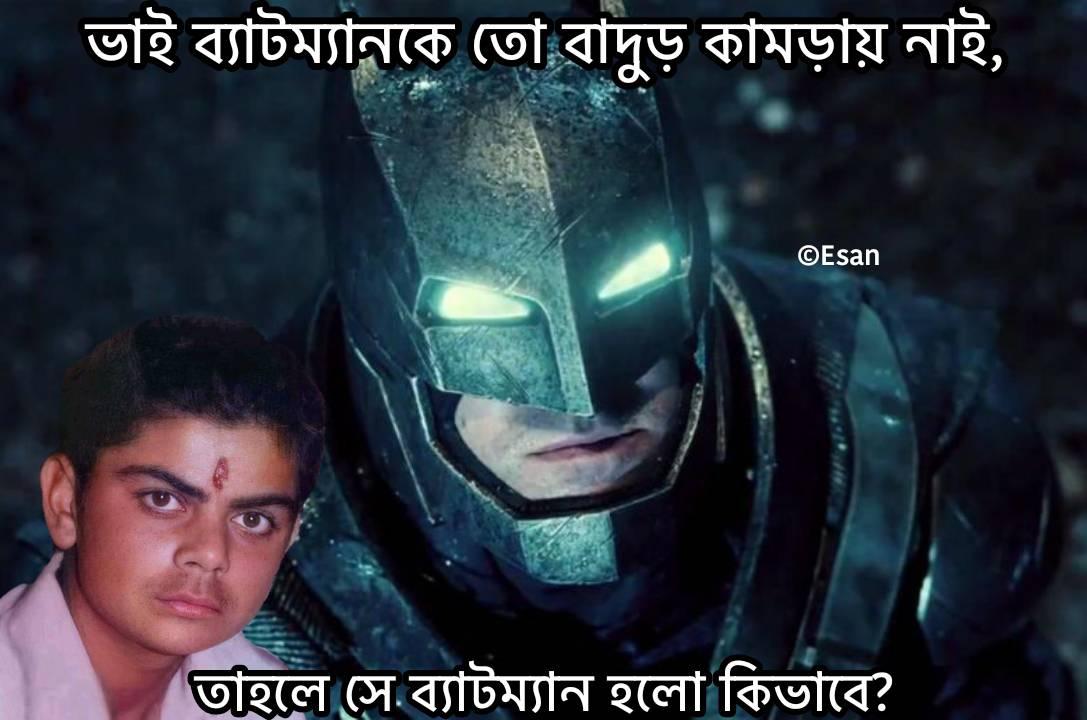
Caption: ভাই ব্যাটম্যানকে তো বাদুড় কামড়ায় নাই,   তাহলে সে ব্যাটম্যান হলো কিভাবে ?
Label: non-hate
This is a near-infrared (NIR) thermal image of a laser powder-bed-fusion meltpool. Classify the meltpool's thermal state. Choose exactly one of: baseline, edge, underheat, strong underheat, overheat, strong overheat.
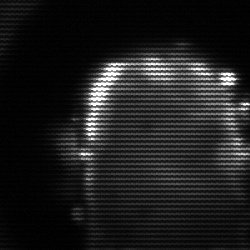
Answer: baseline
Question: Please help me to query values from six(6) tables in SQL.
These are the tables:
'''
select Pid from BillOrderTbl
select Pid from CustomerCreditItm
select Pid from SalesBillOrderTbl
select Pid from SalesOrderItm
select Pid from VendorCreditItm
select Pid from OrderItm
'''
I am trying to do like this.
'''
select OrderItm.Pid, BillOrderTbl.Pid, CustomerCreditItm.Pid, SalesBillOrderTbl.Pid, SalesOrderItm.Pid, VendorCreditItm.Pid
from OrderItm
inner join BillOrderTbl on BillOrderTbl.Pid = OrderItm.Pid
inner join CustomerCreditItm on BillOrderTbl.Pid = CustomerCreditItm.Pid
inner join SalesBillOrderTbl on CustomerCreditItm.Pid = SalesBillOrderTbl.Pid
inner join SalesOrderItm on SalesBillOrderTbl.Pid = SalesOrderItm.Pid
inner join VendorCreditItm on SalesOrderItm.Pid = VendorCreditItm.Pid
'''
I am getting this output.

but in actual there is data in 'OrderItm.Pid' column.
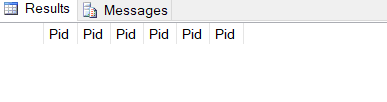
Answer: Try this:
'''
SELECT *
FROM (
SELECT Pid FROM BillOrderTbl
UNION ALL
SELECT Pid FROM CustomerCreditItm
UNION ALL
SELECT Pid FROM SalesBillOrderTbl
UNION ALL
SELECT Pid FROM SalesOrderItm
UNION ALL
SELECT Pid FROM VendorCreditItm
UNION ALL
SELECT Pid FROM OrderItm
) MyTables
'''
* * * * * * *
* _What to do_
The line that contains "This is a near-infrared" begins the range and the last line of the entries ends it; print that range exactly, without pictures.

* _Solution to this exercise_
This is a near-infrared (NIR) thermal image of a laser powder-bed-fusion meltpool. Classify the meltpool's thermal state. Choose exactly one of: baseline, edge, underheat, strong underheat, overheat, strong overheat.
Answer: baseline
Question: Please help me to query values from six(6) tables in SQL.
These are the tables:
'''
select Pid from BillOrderTbl
select Pid from CustomerCreditItm
select Pid from SalesBillOrderTbl
select Pid from SalesOrderItm
select Pid from VendorCreditItm
select Pid from OrderItm
'''
I am trying to do like this.
'''
select OrderItm.Pid, BillOrderTbl.Pid, CustomerCreditItm.Pid, SalesBillOrderTbl.Pid, SalesOrderItm.Pid, VendorCreditItm.Pid
from OrderItm
inner join BillOrderTbl on BillOrderTbl.Pid = OrderItm.Pid
inner join CustomerCreditItm on BillOrderTbl.Pid = CustomerCreditItm.Pid
inner join SalesBillOrderTbl on CustomerCreditItm.Pid = SalesBillOrderTbl.Pid
inner join SalesOrderItm on SalesBillOrderTbl.Pid = SalesOrderItm.Pid
inner join VendorCreditItm on SalesOrderItm.Pid = VendorCreditItm.Pid
'''
I am getting this output.

but in actual there is data in 'OrderItm.Pid' column.
Answer: Try this:
'''
SELECT *
FROM (
SELECT Pid FROM BillOrderTbl
UNION ALL
SELECT Pid FROM CustomerCreditItm
UNION ALL
SELECT Pid FROM SalesBillOrderTbl
UNION ALL
SELECT Pid FROM SalesOrderItm
UNION ALL
SELECT Pid FROM VendorCreditItm
UNION ALL
SELECT Pid FROM OrderItm
) MyTables
'''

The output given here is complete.